Senate: China hacked U.S. computer networks
Washington – — China’s military hacked into computer networks of civilian transportation companies hired by the Pentagon at least nine times, breaking into computers aboard a commercial ship, targeting logistics companies and uploading malicious software onto an airline’s computers, Senate investigators said Wednesday.
A yearlong investigation announced by the Senate Armed Services Committee identified at least 20 break-ins or other unspecified cyber events targeting companies, including nine successful break-ins of contractor networks. It blamed China’s government for all the most sophisticated intrusions, although it did not provide any detailed evidence.
The Senate report did not identify which transportation companies were victimized.
Investigators said China’s military was able to steal emails, documents, user accounts and computer codes. They also said China compromised systems aboard a commercial ship contracted by Transcom for logistics routes, and hacked into an airline the U.S. military used.
The committee’s chairman, Sen. Carl Levin, D-Detroit, said the hacking put at risk the security of U.S. military operations. He called his committee’s findings “very disturbing.”

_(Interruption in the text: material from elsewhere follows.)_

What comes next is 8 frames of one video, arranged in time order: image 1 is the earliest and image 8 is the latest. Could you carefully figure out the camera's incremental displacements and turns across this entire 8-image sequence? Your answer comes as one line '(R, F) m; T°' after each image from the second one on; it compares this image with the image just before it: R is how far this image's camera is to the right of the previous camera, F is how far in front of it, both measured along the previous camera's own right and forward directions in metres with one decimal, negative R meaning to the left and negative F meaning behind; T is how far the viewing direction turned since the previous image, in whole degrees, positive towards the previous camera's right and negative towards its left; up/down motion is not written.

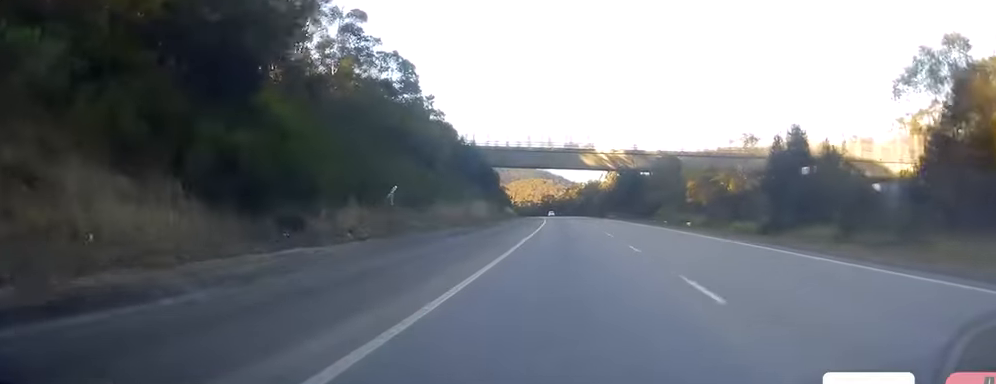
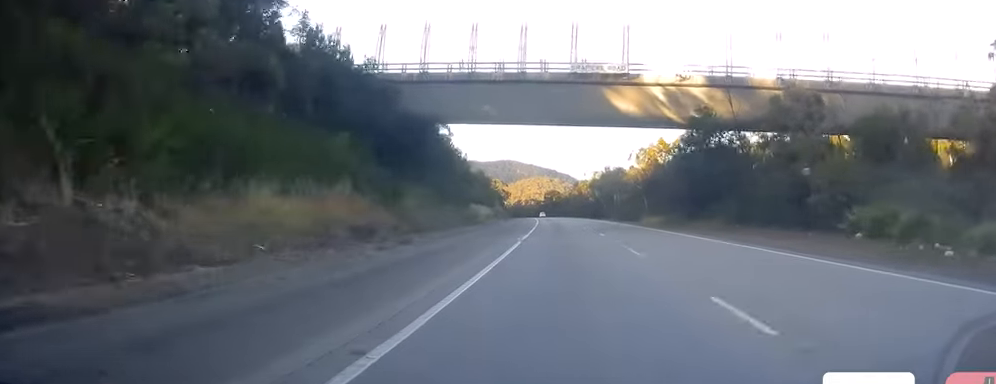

China’s government did not respond Wednesday to telephone messages and emails from the Associated Press requesting comment in Beijing, its embassy in Washington and offices at the United Nations.
The newly declassified Senate report says defense contractors have generally failed to report to the Pentagon hacker break-ins of their systems as required under their business agreements.
Levin, whose staff investigated the break-ins with the committee’s top Republican, Oklahoma Sen. Jim Inhofe, said government agencies also failed to share information among themselves about intrusions. He said that hampers the government’s ability to protect national security.
For instance, the committee said some contractors that contacted the FBI about break-ins may have not separately reported the intrusions to Transcom because the firms assumed the bureau already had notified the Pentagon. Levin said he and Inhofe were working on a bill to streamline the reporting process.
Federal data show more than $4 billion in contracts went to firms in 2012 and 2013 for the Civil Reserve Air Fleet, a Transcom partnership with private airlines.